# Woodslicer Resawing Blade



## nwbusa

Well, you sold me!


----------



## matt1970

ok…we need more details and pictures…features…comments on this one…


----------



## Manitario

yep, I agree, best bandsaw blade I've ever used!


----------



## Woodmaster1

I also think is the best blade, cuts like a knife thru butter.


----------



## MShort

Your the second person this month that I have heard that from. I may have to follow the advice. Thanks.


----------



## Kentuk55

That's the best review I've ever seen….. I'm goin to the store


----------



## Oldtool

I bought it, don't regret it. In fact, I'm very pleased with it. I can't attest to its being *the best*, but that's only because I haven't used all the others. However, I agree with the knife through butter description, great blade.


----------



## lab7654

Quick and to the point. Reviews on this blade are usually similar to this one, although with more words. Even so, the more positive testimonials the better.


----------



## LoydMoore

Great blade, great price and excellent customer service. Will not bother trying out any other.


----------



## SPalm

I agree. This changed my BS - I just love it.

No need to write more. Just buy and try.

Steve


----------



## toeachhisown (Eddie)

dam im sold im getting one


----------



## PRGDesigns

I have used the others, Olson, etc. I am sold on the Woodslicer Resaw blade. I have used it to split 5/4 Ash Board 7" wide in half w/o a hiccup. I also used it to split 5/4 Walnut 10' wide into 5/16" slices.
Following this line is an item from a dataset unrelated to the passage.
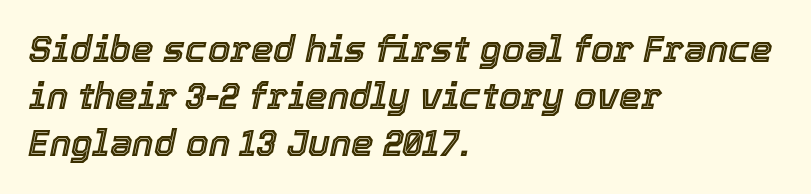
{"italic": "yes", "lean": "right", "slant_degrees": 12, "width": "normal", "x_height": "medium", "monospaced": "no", "underline": "no", "align": "left", "line_spacing": "normal", "line_spacing_ratio": 1.31, "letter_spacing": "normal", "letter_spacing_em": 0.0, "glyph_px": 36}

I use mine in a Jet 18" bandsaw that I pretty much wrote off until I upgraded it with Carter Roller Guides and the Woodslicer Resaw blade. Apologies that my comment was longer than the review.


----------



## blockhead

+1, Steve. I had the Timberwolf resaw blade and thought it couldn't get any better. 
I was wrong. The Woodslicer is just plain awesome.


----------



## Lenny

Thanks for posting this Lew. *SPalm* and *blockhead* are LJ buddies of mine and I respect their opinions. Their endorsement along with yours and others caused me to watch the Highland Woodworking video on these blades. I am convinced to try one.


----------